Much of the proceeds are bound to make their way to a family investment vehicle – or family office – that English set up seven years ago, named Penman Securities Trading.
Many family offices continue to invest in companies in areas where the principal is an expert. They have natural networks in that area
Funded by scores of millions of euro of Winthrop dividends in recent years, Penman had €162 million of current assets at the end of 2022, up from €40 million a year, earlier, according to its most recent accounts filed with the Companies Registration Office (CRO).

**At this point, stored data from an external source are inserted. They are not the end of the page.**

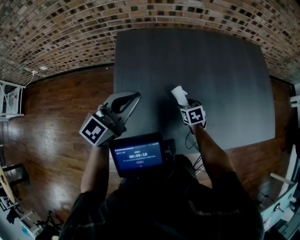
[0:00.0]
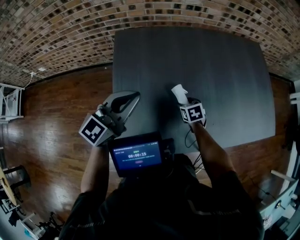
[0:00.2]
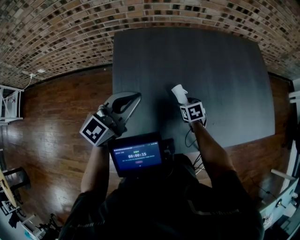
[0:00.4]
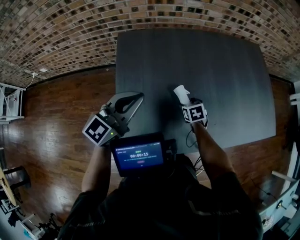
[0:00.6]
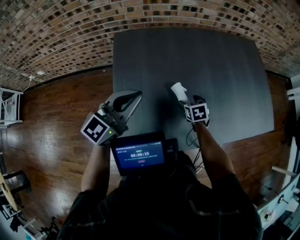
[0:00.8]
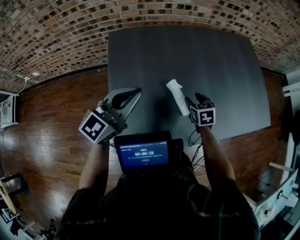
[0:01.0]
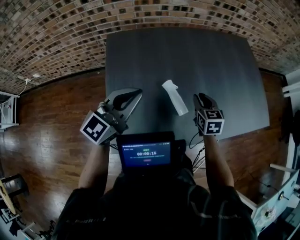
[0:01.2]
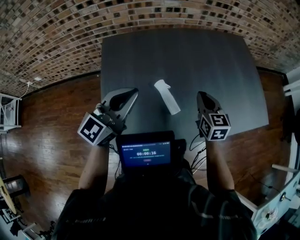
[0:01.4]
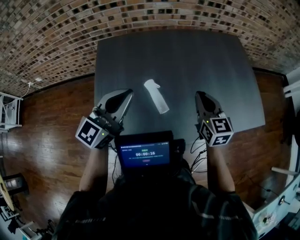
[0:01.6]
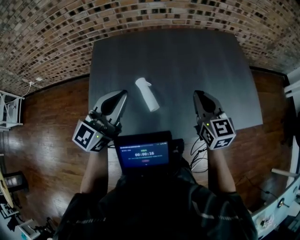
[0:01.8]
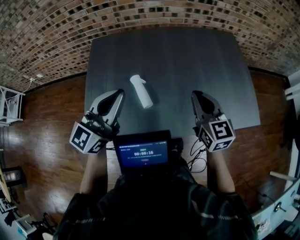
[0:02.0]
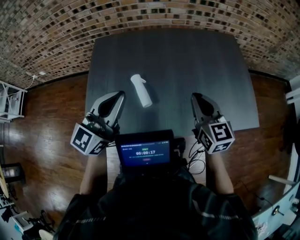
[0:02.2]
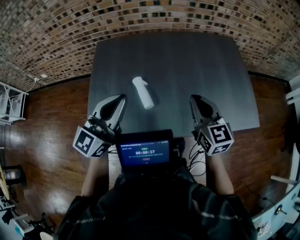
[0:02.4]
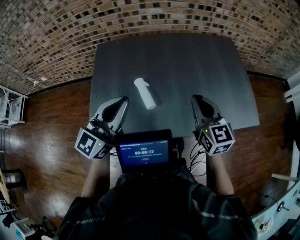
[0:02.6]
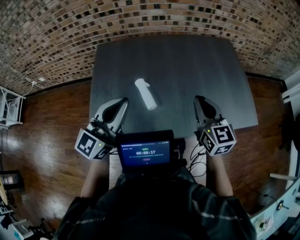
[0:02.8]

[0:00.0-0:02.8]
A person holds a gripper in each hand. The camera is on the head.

Some €6.12 million was invested in stocks, exchange traded funds and investments, a further €5.64 million in private equity investments and almost €150 million in cash. English declined, through a spokeswoman, to comment on his plans for the money.
Penman, based on Fitzwilliam Square, is among a plethora of such businesses that have sprung up in Dublin in the past decade or so around the Georgian garden square, its offshoot streets Fitzwilliam Place and Pembrook Street Lower, and nearby Merrion Square. They have typically been set up following multimillion-euro business sales as founders sought to retain tight control over subsequent investments.
The Guinness family may have been an international pioneer in the family office space, when Arthur Guinness’s great-grandson, Edward, set up Iveagh Trustees to manage the proceeds of the brewing group’s £5 million initial public offering (IPO) in London in 1886. But 138 years later, the home of the black stuff is a laggard in the field.
“Most family offices in Ireland are first-generation ones, as it is really only in the last few decades that we have seen serious wealth creation in the State. The family offices that we have seen being set up over the past 10 years have largely come from the sale of businesses,” said Damian Roddy, head of capital markets at Davy.
“We remain a long way off having the types of family offices you see in countries in Europe, like Switzerland, the UK or Germany, where the initial wealth-creation event may have happened generations ago.”
Walmart fortune
Walton Enterprises in Arkansas is the largest family office in the world, with almost $225 billion (€211 billion) of assets. It was set up in 1983 by Walmart founder Sam Walton and is now controlled by heirs to his retailing empire. Europe’s largest is the Italian chocolate-making Ferrero family’s $55 billion Fedesa vehicle in Monaco.
The number of family offices globally has tripled in the past five years to 4,500 which, between them, now manage at least $6 trillion in funds, according to a recent report from Preqin, the UK investment data firm.
Penman, where investments professional Fergal Scully is managing director and former Davy man Roland French joined last year as an analyst, is a rare animal among Irish family offices in disclosing even limited financial details in CRO filings.
“What upside is there to me discussing our investments?” said the principal of another family office, who declined to be identified.
Discretion is key, even if slivers of activity – like property deals and share purchases that breach disclosable levels – find their way into the public domain.
“The family office structure can ensure privacy and confidentiality as you can keep all the family’s portfolio activity, tax and personal information in-house, enabling the family to operate discreetly if they so wish,” said John Mullane, chief investment officer with Cantor Fitzgerald Ireland.
Players in Dublin are reluctant to even guess the scale of the domestic market, as few know what is really going on beyond their own patch. The minimum needed to justify setting up a family office, staffed with anywhere between five and 20 employees, is about €100 million, they say.
“There is a saying in this sector that if you’ve met one family office, you’ve met one family office. Each one is different,” said Karl Rogers, chief investment officer at investment firm Elkstone, which has a family office business managing the money of its general partners and also invests on behalf of other high-net-worth individuals.
The family offices that we have seen being set up over the past 10 years have largely come from the sale of businesses
“But while investment portfolios of retail or mass-affluent investors would have high levels of publicly-traded securities like equities and bonds, there is typically a higher skewing of family office investments towards alternative assets.”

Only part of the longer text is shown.